As of Wednesday, the Johns Hopkins Coronavirus Resource Center, a website that houses Global Tracker and other COVID trend data, has received nearly 1.2 billion page views since 2020, according to the university. was
To date, trackers have documented over 616 million COVID cases, at least 6.5 million deaths, and nearly 9 billion vaccine doses worldwide.
Johns Hopkins University said the data and analysis by her team of experts will help inform policy makers, the medical community, the news media and the public to track the pandemic and combat its spread. I was.
The university hopes that Gardner’s team will use this information further to identify actions in the hardest-hit areas across the United States in the early trajectory of the outbreak, which was declared a pandemic by the World Health Organization on March 11, 2020. He added that he investigated how the
Earlier this month, the head of the UN agency, Tedros Adhanom Ghebreyesus, announced that the end of the pandemic was finally in sight.
I don’t think there is an engineer who has more influence than this. @Johns Hopkins Professor Lauren Gardner for the first time in a while.
Professor Gardner has brought back the 2022 Lasker Bloomberg Awards.@TexasDownUnder https://t.co/VLngyKVLIh
— Denis Wirtz (@deniswirtz) September 28, 2022
Early in the outbreak, information compiled by Gardner’s team also revealed “a lack of US-wide data-reporting standards that resulted in fragmented reporting by individual states,” the university said.

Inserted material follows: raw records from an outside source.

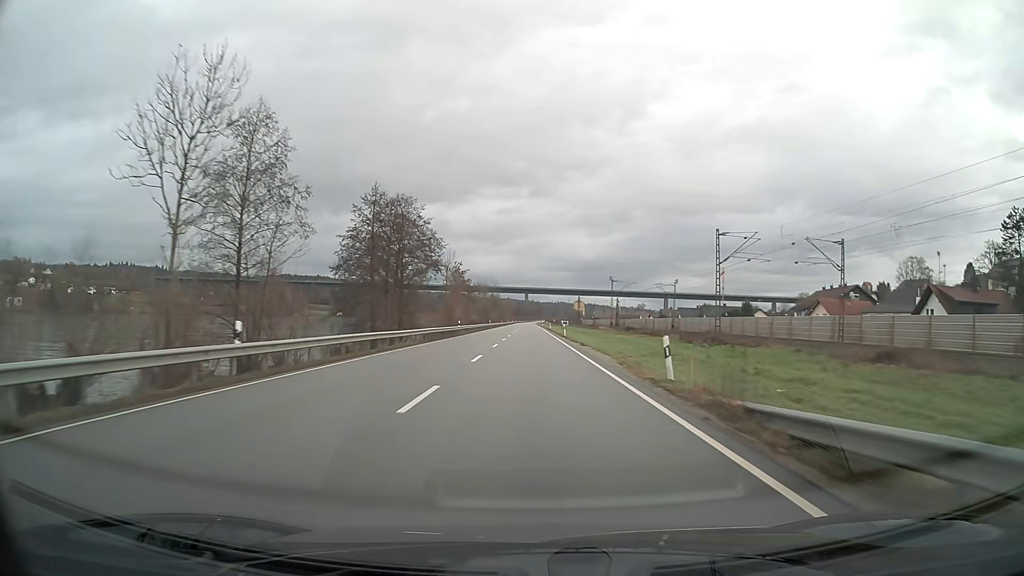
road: primary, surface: asphalt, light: Day
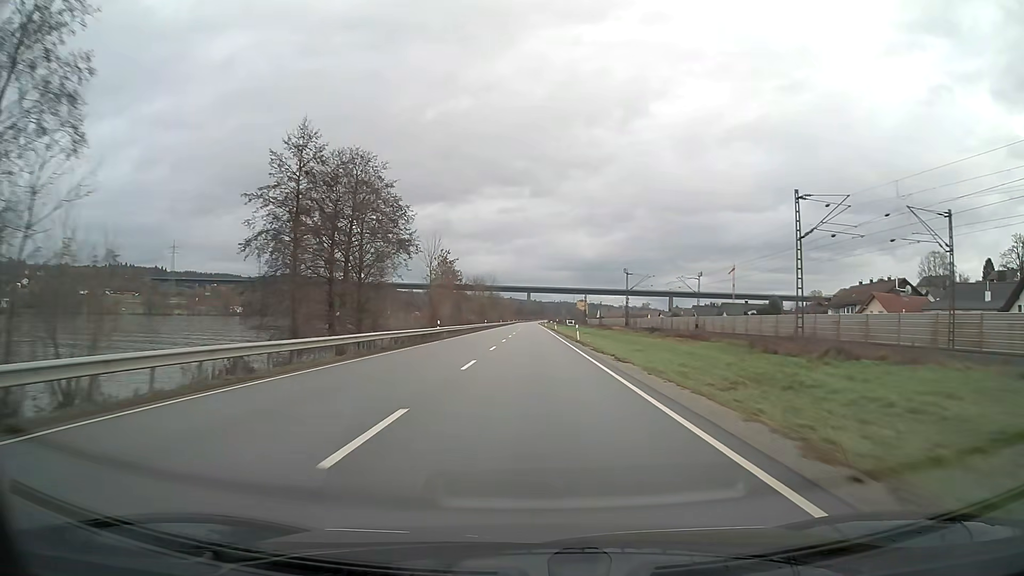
(0.0, +15.8) m; 0°
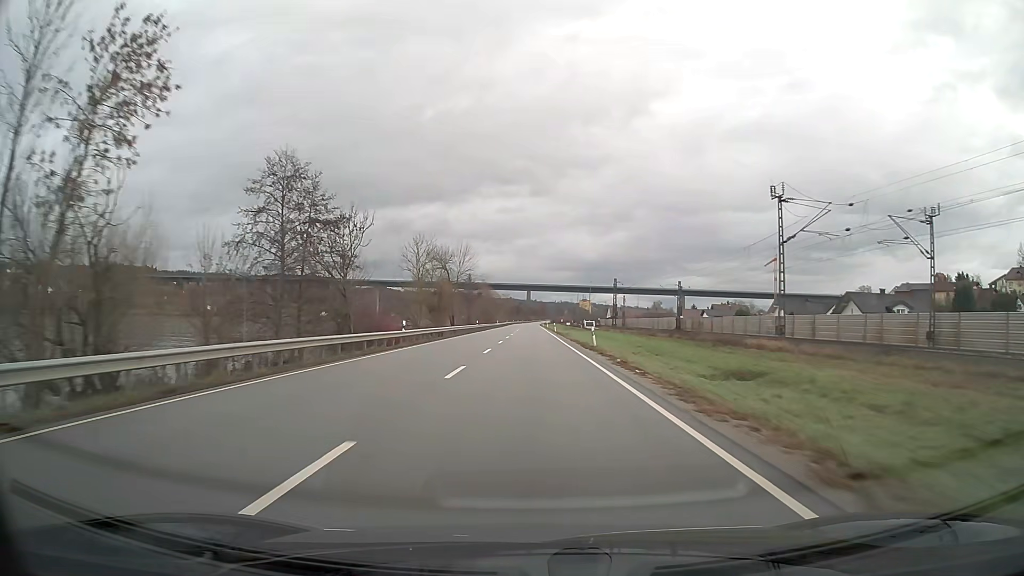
(0.0, +63.2) m; 0°
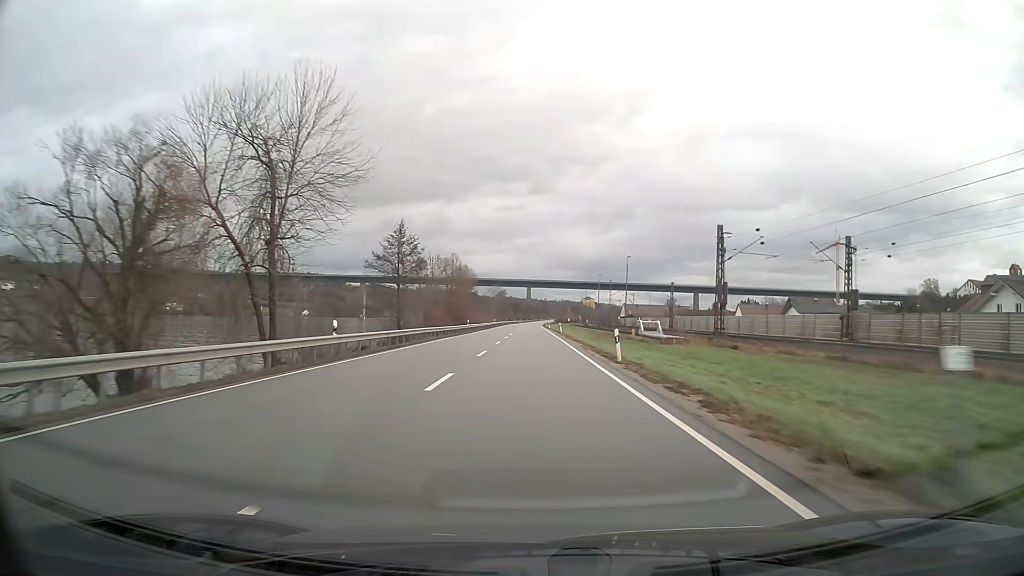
(0.0, +63.2) m; 0°
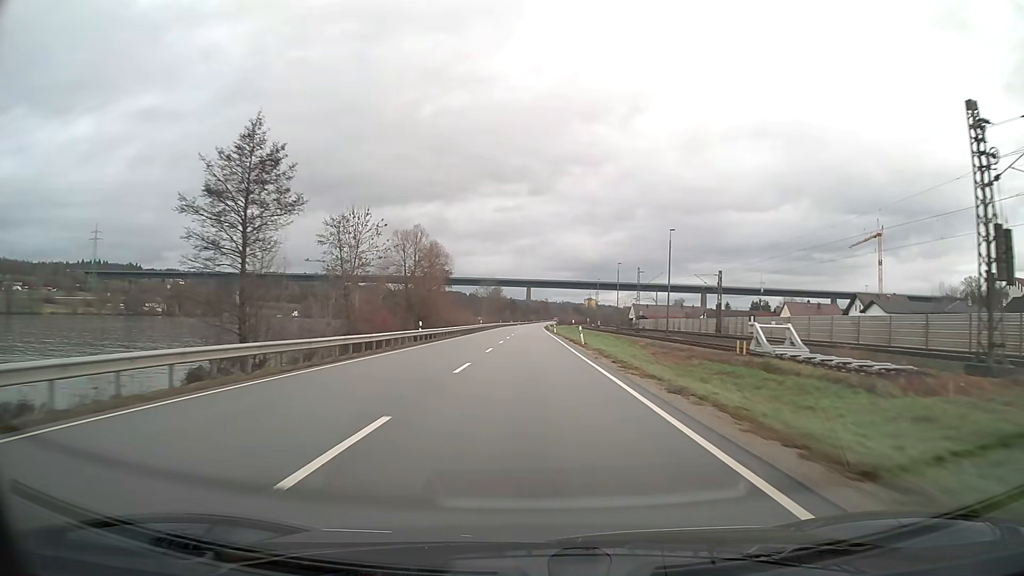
(0.0, +31.6) m; 0°
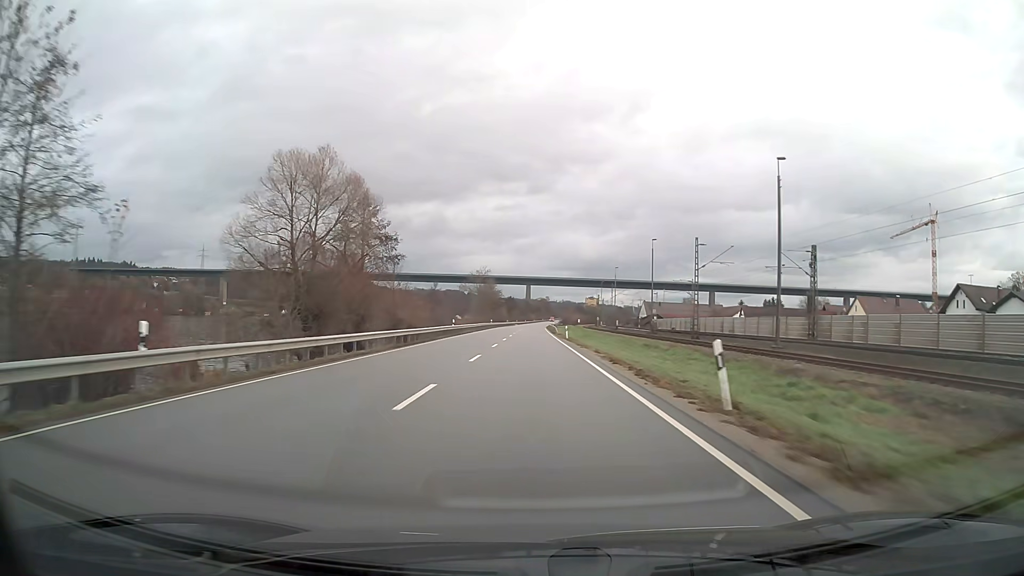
(0.0, +31.6) m; 0°
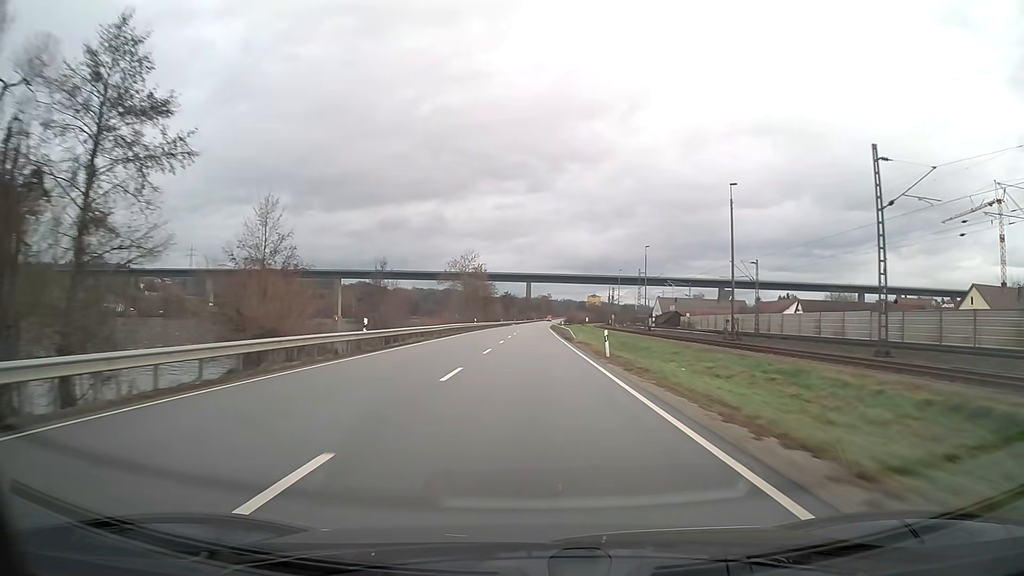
(0.0, +31.6) m; 0°
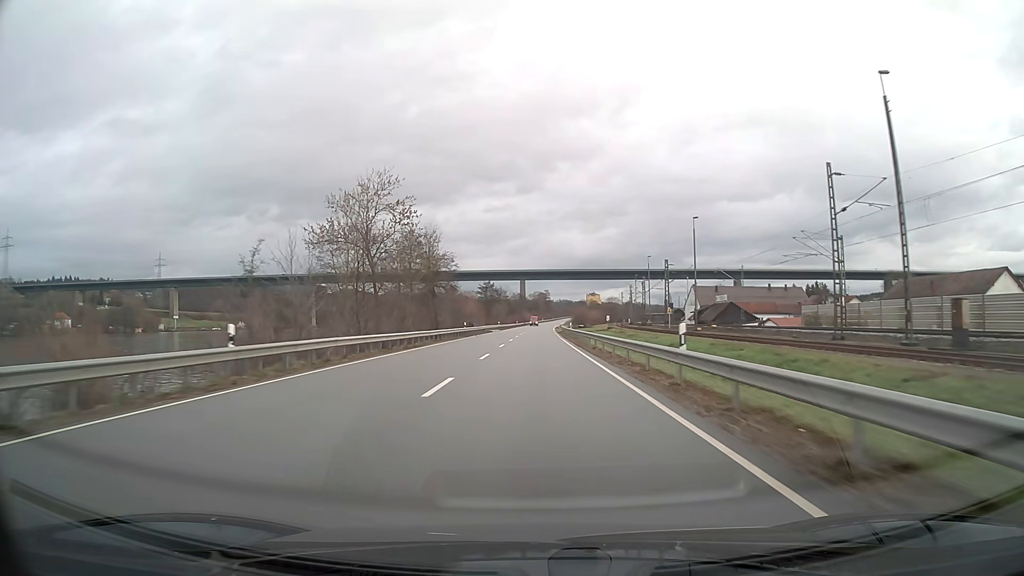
(+0.2, +63.2) m; 0°

Gardner said, “It plays a vital role in keeping the world informed during a global public health crisis and, just as importantly, changing expectations about public access to data and information. was an extraordinary experience.”
In a statement released by the university, Gardner added that he hopes to apply the lessons learned from the project to other crises, including climate change.
“These are people-centred problems with deep-seated inequalities and are often highly politicized. At the heart of many of these problems is arguably the most grave threat facing society today. One of them is the harm caused by misinformation,” she said.
“Addressing these problems requires data-driven solutions and effective science communication. It requires investment and innovation in interdisciplinary science and strong partnerships between researchers and practitioners.” ‘ she said.